November 19, 2019
Let’s start with the basics. A database is an organized and systematic collection of data that can be stored and accessed electronically. A database management system (DBMS) is an integrated software package designed to allow users to access, manipulate, analyze, manage, and retrieve data in a database. Since the dawn of the first DBMS, the capabilities and performance of databases and their respective DBMS have grown exponentially. This technological evolution has led to the creation and development of various databases such as the relational database (RDBMS), object-oriented database (OODBMS), cloud database, and NoSQL database.
Developed in 1970 by Edgar F. Codd at IBM, the RDBMS is a tabular database that stores and provides access to data points that are in relation to one another. In an RDBMS, data is organized as logical, independent tables and is shown through established relationships among data points and supports pre-defined data types with a reference that links them together. Many RDBMS systems use the standard Structured Query Language (SQL) for querying and maintaining the database. The RDBMS is the most widely accepted model for databases as users can safely and easily categorize, store, query, and extract data. Furthermore, software programmers and develops began to treat data in databases as objects leading to the rise of the OODBMS. The OODBMS organizes and models data as a definable data object as opposed to an alphanumeric value. Programmers using OODBMS can enjoy the consistency in the programming environment as it is integrated and uses the same representation model with the programming languages. Cloud database is a database that runs on a cloud computing platform that collects structured and unstructured information and data. Organizations run cloud databases on virtual machines leading to higher infrastructure utilization, which can lead to cost savings. Database-as-a-Service (DBaaS) powered by a cloud database has high scalability and efficiency and failover support and maintenance.
As the advancement of databases continues, it is important to note that different types of databases have their own justifications for use. A cloud database is typically equipped with a better scale than on-premises RDBMS but still built on traditional relational architecture with challenges in scaling and limited flexibility due to being anchored to the cloud service provider. An RDBMS is known for its accuracy due to data deduplication, easy accessibility, flexible (as complex queries are carried out), and strong security due to the purpose of atomicity, consistency, isolation, and durability (ACID) to protect against data manipulation and ensure data integrity. However, the RDBMS falls short of scale-up architecture, which requires over-provisioning, auto-sharding, and replication when the data volume peaks. Additionally, the OODBMS has a representation of the complex structure that allows the creation of a more realistic model, better performance, and flexibility. Nonetheless, it lacks standardization as there is no consistent theoretical basis to support OODBMS products.
As we acknowledge the potential advantages and disadvantages of various databases, here comes the innovative approach of the NoSQL database. NoSQL databases provide a mechanism for access, storage, and retrieval of data that is not modeled in tabular relations like an RDBMS. Unlike an RDBMS where data is being structured in fixed relational columns, a NoSQL database involves various types of data structures such as the key-value store where data is stored and represented as a collection of key-value pairs, document database where data is assumed to be encapsulated and encoded in some standard format of encodings like XML and JSON. A NoSQL database has a cluster-friendly, non-relational structure with the ability to deal with heterogeneous and enormous amounts of data. NoSQL databases allow data to be stored in data schemas that are not as ‘fixed’ as RDBMS and have a flexible structure, essentially removing the rigidity of RDBMS.

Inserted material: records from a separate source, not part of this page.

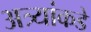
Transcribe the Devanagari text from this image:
अत्र्यांकडे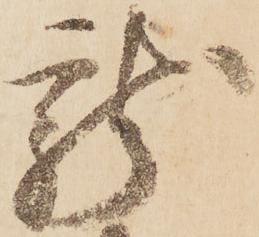
龍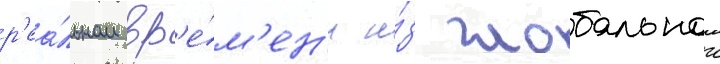
р'еа́льном вр'е́м'ен'и и́з глобальнои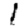
Digit: 1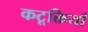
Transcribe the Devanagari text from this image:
कटूक्तियाँ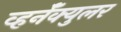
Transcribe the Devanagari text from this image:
व्हर्नॅक्युलर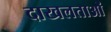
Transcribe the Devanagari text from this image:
दाखलताओं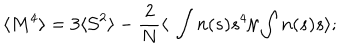
LaTeX: \langle M ^ { 4 } \rangle = 3 \langle { \cal { S } } ^ { 2 } \rangle - { \frac { 2 } { N } } \langle \ \int n ( s ) s ^ { 4 } / \int n ( s ) s \rangle ;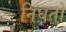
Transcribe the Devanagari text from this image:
निघतो़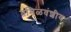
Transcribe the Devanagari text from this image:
तमिळवंशीय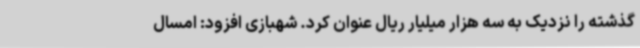
گذشته را نزدیک به سه هزار میلیار ریال عنوان کرد. شهبازی افزود: امسال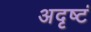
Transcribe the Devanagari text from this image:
अदृष्टं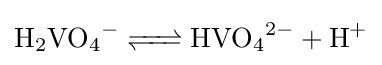
{\ce {H2VO4- <=> HVO4^2- + H+}}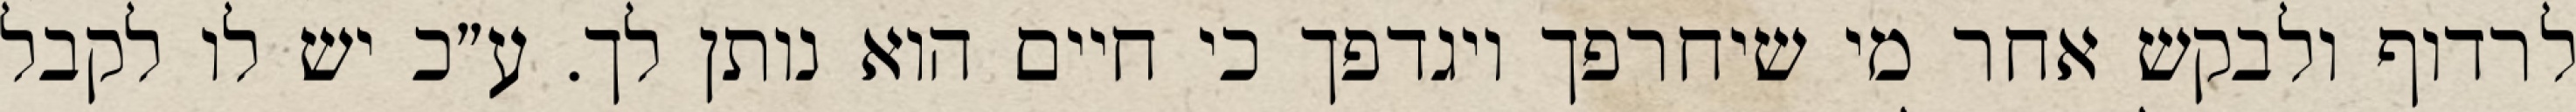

The high scalability due to auto-sharding for scaling and geographically dispersed scale-out architecture makes a NoSQL database highly efficient in dealing with vast volumes of data while remaining cost-effective at the same time. The ability to enable complex analysis, flexible system, and managing unstructured data that changes over time prove to be superior compared to the RDBMS. NoSQL has dynamic schema and high agility that is better suited for big data and the Internet of Things (IoT) usage. We can look at the various examples and use cases such as the use of a NoSQL database in real-time data analytics, fraud detection, and risk management system that enables financial institutions to better consolidate and measure risk metrics. With the scale-out capability, a NoSQL database enables high-speed data ingestion and analytics to be used in market data management. Many use cases such as profile management, reference data management, and customer 360° view capability can be unlocked with the use of a NoSQL database.
The rise of the NoSQL database not only comes with its profitability and benefits it brings to database management but is also accompanied by disadvantages like lack of standardization, which can limit further expansion, limited community support, and problems with interfaces and interoperability. However, the issues with NoSQL databases are currently being solved, which points to the future development of the NoSQL database. The next thing in store for the NoSQL database is the improvement in the consistency model with ACID and Basic Availability, Soft state, and Eventual consistency (BASE), as well as an increase in standardization and benchmarking combined with the expansion of NoSQL to encompass functionality that other database platforms have. Companies like Aerospike, MongoDB, and AmazonWebServices are actively expanding and experimenting with the use of the NoSQL database, so it is exciting to witness the potential and future roadmap for NoSQL databases.